Exercise goal:
Quote the entries below from the line with "Which do we" through the line with "Estimate the 3-D box of the greenhouse, as", both ends included, and only those lines.

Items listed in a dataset

※ ※ ※

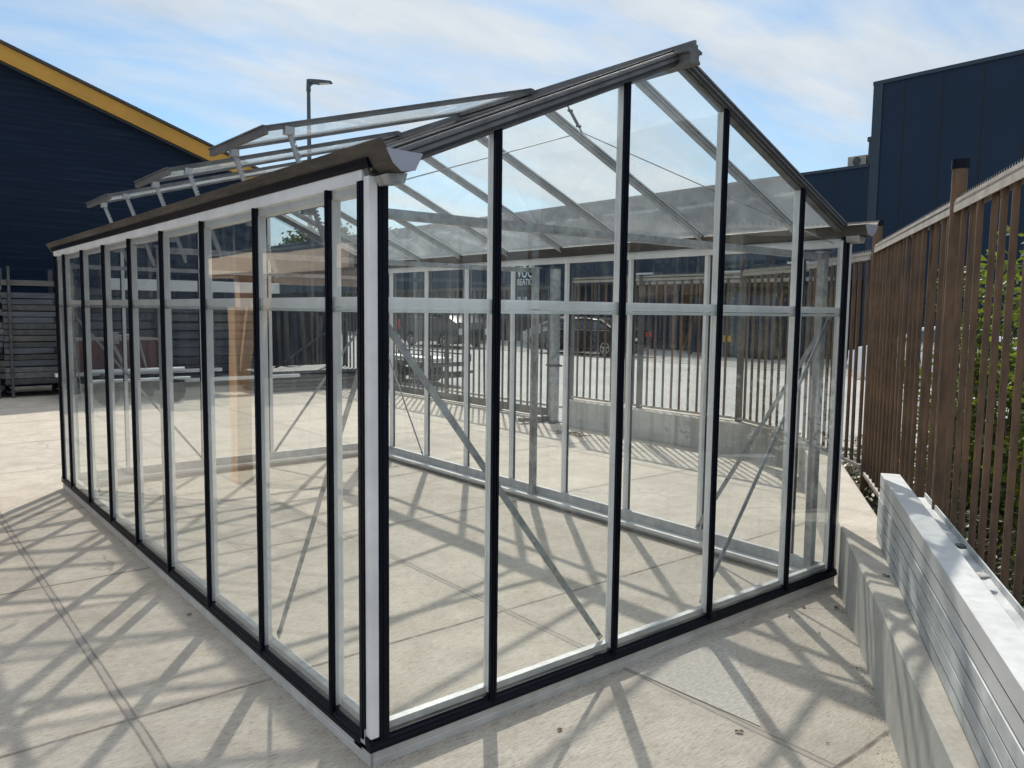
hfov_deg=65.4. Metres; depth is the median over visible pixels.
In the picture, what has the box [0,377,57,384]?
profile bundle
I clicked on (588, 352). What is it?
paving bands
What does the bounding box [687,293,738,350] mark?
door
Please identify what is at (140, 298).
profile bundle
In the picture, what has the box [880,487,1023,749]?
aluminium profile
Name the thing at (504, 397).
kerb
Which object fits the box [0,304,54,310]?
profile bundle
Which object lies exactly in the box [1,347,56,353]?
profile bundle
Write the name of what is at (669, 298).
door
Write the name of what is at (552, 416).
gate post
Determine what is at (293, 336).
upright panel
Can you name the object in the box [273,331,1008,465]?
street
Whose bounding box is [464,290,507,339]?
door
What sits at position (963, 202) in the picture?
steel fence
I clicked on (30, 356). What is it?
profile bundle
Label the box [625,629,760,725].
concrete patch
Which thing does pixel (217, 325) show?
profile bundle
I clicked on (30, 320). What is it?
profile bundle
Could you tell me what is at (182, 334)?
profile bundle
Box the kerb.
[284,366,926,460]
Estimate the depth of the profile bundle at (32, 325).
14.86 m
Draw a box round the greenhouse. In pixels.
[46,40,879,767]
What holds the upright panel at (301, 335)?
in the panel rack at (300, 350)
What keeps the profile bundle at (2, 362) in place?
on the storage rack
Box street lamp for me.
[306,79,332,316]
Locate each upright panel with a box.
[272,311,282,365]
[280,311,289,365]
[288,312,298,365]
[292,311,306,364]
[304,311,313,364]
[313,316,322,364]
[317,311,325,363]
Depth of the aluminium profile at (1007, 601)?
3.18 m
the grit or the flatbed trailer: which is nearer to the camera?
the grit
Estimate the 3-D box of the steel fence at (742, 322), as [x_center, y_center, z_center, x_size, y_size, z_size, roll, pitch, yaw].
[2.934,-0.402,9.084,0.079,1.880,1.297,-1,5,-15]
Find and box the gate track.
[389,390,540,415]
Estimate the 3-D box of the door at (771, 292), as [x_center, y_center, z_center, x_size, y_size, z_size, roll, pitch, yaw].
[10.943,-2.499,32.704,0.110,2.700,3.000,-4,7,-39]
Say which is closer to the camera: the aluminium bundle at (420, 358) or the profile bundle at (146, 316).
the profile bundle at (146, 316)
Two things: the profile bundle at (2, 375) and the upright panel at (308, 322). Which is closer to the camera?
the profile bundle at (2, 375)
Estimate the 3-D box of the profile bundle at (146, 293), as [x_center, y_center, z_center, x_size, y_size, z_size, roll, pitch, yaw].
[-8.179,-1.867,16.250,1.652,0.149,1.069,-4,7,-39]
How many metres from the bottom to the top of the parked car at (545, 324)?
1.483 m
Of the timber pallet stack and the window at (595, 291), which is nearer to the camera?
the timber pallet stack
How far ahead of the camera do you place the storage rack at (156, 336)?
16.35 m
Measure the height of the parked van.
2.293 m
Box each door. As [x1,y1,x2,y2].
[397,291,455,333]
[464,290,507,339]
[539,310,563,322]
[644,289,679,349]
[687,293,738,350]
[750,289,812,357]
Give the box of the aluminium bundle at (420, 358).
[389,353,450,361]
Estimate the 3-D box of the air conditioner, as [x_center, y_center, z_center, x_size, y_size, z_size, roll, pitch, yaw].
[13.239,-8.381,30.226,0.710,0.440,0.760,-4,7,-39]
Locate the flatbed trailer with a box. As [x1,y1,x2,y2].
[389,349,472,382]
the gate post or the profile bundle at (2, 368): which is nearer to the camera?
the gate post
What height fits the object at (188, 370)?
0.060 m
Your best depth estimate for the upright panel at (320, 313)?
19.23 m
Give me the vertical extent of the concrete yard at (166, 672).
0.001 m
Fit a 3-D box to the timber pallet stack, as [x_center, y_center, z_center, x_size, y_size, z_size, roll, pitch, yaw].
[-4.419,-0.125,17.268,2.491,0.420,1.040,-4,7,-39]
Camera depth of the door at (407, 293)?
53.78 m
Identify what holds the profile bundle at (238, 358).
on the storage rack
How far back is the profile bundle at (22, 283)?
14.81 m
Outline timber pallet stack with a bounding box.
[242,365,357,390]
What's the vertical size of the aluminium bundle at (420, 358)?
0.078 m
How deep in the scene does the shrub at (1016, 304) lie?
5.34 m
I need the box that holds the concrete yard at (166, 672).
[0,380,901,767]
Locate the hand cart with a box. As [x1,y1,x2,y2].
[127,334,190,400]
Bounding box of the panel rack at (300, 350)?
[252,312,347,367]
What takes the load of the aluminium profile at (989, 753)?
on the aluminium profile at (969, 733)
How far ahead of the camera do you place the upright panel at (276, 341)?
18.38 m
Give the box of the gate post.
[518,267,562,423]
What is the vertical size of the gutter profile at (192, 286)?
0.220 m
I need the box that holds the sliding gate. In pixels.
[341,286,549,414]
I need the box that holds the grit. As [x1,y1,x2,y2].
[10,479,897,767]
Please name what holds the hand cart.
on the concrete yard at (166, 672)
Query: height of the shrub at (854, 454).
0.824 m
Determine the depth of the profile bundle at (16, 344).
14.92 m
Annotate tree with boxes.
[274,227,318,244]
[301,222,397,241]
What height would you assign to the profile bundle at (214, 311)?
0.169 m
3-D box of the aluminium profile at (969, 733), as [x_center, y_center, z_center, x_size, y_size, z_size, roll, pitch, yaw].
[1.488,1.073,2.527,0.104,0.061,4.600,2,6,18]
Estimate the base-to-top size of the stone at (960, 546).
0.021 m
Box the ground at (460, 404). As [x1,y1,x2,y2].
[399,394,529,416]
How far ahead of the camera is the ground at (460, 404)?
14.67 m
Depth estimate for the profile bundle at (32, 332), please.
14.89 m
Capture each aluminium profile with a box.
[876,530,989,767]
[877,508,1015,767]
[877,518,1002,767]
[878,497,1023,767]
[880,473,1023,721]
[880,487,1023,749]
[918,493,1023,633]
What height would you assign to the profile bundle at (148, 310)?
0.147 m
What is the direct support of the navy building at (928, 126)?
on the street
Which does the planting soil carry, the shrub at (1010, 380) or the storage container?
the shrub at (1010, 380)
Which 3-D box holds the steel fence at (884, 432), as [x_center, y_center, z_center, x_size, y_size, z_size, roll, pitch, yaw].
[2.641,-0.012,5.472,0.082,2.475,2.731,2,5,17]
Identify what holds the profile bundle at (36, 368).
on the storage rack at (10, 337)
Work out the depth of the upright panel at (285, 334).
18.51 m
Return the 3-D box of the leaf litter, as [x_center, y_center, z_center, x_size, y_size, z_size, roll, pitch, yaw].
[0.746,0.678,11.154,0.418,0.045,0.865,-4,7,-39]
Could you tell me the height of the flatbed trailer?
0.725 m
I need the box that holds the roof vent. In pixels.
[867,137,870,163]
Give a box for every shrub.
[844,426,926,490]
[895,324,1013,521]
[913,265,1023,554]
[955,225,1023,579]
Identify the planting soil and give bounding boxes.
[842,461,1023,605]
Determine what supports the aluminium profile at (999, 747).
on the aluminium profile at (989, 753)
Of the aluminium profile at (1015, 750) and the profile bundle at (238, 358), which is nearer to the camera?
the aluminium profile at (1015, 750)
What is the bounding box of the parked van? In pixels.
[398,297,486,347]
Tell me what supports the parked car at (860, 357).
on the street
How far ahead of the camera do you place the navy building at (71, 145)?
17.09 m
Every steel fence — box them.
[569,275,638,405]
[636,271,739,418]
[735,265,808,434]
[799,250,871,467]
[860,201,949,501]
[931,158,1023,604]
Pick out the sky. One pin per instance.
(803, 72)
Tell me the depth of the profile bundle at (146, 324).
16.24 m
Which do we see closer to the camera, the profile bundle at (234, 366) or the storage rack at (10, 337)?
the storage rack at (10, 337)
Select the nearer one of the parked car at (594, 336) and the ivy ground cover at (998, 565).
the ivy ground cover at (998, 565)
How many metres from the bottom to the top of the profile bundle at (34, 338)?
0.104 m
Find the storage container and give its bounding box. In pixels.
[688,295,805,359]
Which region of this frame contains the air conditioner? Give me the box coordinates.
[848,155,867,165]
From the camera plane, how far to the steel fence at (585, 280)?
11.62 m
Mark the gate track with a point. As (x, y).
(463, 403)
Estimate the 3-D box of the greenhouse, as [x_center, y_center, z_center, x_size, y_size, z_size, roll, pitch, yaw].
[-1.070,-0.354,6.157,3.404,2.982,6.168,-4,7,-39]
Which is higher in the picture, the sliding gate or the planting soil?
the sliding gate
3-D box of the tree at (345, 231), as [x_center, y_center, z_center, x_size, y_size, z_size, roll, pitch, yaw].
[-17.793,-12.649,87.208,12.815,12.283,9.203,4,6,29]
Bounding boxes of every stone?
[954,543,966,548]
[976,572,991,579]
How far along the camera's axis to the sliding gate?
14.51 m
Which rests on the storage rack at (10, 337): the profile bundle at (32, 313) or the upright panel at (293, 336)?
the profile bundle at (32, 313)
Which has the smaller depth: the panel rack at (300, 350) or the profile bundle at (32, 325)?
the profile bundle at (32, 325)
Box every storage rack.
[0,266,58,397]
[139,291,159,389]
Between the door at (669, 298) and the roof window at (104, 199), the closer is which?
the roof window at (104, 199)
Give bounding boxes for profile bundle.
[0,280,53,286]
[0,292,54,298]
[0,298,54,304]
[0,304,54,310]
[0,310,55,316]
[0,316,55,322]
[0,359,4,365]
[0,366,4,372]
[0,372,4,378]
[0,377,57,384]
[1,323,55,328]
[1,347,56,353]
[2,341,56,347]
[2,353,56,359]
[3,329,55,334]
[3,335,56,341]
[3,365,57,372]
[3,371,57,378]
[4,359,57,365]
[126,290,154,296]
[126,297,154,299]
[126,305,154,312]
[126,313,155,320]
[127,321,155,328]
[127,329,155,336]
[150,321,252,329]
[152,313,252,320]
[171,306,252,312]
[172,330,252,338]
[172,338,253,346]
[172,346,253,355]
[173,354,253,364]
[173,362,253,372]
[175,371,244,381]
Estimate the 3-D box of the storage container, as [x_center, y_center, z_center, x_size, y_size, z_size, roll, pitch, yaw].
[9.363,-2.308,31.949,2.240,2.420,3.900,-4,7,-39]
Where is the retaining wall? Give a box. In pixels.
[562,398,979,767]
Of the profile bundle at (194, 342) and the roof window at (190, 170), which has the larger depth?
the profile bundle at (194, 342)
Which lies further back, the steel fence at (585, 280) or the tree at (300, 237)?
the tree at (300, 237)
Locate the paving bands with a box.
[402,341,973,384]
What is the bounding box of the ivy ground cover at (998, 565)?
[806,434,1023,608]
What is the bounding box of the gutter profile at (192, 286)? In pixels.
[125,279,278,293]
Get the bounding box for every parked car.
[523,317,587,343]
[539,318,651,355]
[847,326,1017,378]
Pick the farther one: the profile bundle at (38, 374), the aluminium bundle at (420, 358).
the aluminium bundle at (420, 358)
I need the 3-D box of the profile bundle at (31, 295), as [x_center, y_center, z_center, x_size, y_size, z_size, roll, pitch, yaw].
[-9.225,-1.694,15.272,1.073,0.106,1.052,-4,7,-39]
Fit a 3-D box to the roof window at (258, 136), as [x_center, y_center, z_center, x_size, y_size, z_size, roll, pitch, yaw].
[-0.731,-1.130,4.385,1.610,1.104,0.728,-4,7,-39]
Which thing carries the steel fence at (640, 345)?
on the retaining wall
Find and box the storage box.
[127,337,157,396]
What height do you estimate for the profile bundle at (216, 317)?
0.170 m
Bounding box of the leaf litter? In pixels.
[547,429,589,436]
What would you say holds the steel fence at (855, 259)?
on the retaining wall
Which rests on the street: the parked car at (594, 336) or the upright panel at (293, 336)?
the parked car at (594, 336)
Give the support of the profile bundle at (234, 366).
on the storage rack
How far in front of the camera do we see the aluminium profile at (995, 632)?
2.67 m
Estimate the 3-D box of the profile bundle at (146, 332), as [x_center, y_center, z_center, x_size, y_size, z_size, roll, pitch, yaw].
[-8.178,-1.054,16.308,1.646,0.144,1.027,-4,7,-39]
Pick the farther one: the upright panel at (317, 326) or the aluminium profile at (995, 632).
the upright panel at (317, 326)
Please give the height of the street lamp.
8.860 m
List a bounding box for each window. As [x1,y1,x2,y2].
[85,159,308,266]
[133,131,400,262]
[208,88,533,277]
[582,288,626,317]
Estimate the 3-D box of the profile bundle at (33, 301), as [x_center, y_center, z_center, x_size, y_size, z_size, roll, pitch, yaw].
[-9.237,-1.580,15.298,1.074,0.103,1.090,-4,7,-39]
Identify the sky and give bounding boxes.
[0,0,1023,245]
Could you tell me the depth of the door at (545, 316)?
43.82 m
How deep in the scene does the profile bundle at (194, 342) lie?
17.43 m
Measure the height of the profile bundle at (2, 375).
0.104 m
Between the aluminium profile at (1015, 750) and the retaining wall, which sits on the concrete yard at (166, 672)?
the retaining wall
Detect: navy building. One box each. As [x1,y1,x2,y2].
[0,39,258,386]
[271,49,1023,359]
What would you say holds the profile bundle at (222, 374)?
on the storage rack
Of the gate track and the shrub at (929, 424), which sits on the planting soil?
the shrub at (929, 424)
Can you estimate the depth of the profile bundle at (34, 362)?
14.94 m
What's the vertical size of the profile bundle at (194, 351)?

※ ※ ※

Exercise solution:
Which do we see closer to the camera, the profile bundle at (234, 366) or the storage rack at (10, 337)?
the storage rack at (10, 337)
Select the nearer one of the parked car at (594, 336) and the ivy ground cover at (998, 565).
the ivy ground cover at (998, 565)
How many metres from the bottom to the top of the profile bundle at (34, 338)?
0.104 m
Find the storage container and give its bounding box. In pixels.
[688,295,805,359]
Which region of this frame contains the air conditioner? Give me the box coordinates.
[848,155,867,165]
From the camera plane, how far to the steel fence at (585, 280)?
11.62 m
Mark the gate track with a point. As (x, y).
(463, 403)
Estimate the 3-D box of the greenhouse, as [x_center, y_center, z_center, x_size, y_size, z_size, roll, pitch, yaw].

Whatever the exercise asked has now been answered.